SOURCE DATA:

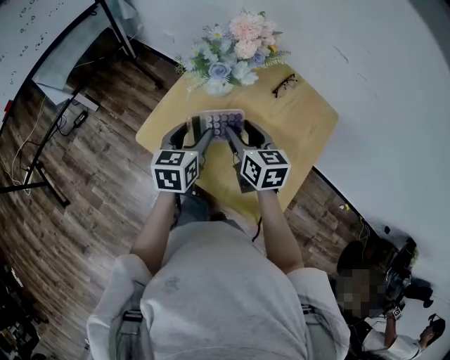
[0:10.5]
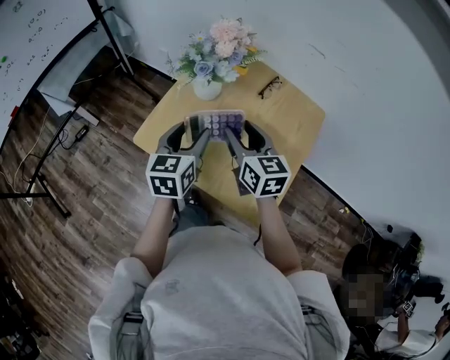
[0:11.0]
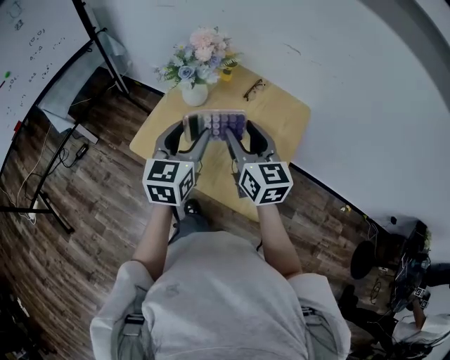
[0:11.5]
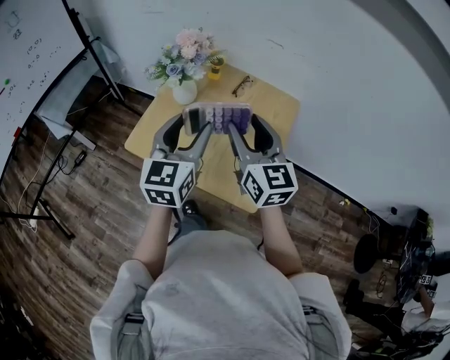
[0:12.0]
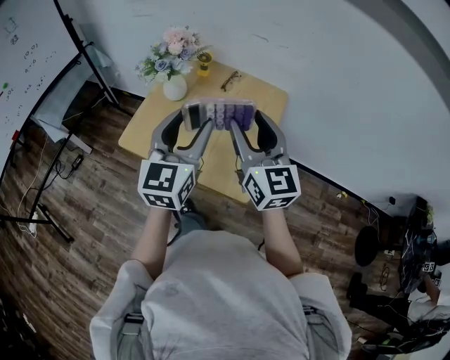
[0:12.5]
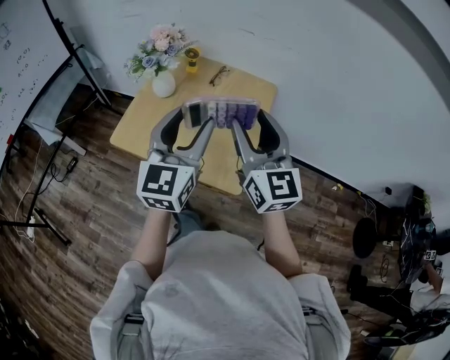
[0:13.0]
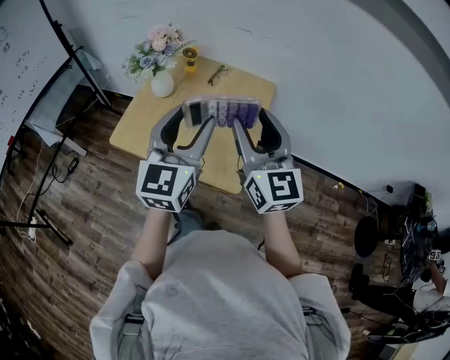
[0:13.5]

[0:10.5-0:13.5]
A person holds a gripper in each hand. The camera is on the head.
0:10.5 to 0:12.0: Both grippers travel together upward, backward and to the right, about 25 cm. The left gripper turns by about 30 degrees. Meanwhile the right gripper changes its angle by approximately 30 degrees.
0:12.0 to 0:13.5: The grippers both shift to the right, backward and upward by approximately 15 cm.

WHAT TO DO:
All of the entries above should be copied exactly, except for the pictures.

ANSWER FOR THIS EXERCISE:
[0:10.5]
[0:11.0]
[0:11.5]
[0:12.0]
[0:12.5]
[0:13.0]
[0:13.5]

[0:10.5-0:13.5]
A person holds a gripper in each hand. The camera is on the head.
0:10.5 to 0:12.0: Both grippers travel together upward, backward and to the right, about 25 cm. The left gripper turns by about 30 degrees. Meanwhile the right gripper changes its angle by approximately 30 degrees.
0:12.0 to 0:13.5: The grippers both shift to the right, backward and upward by approximately 15 cm.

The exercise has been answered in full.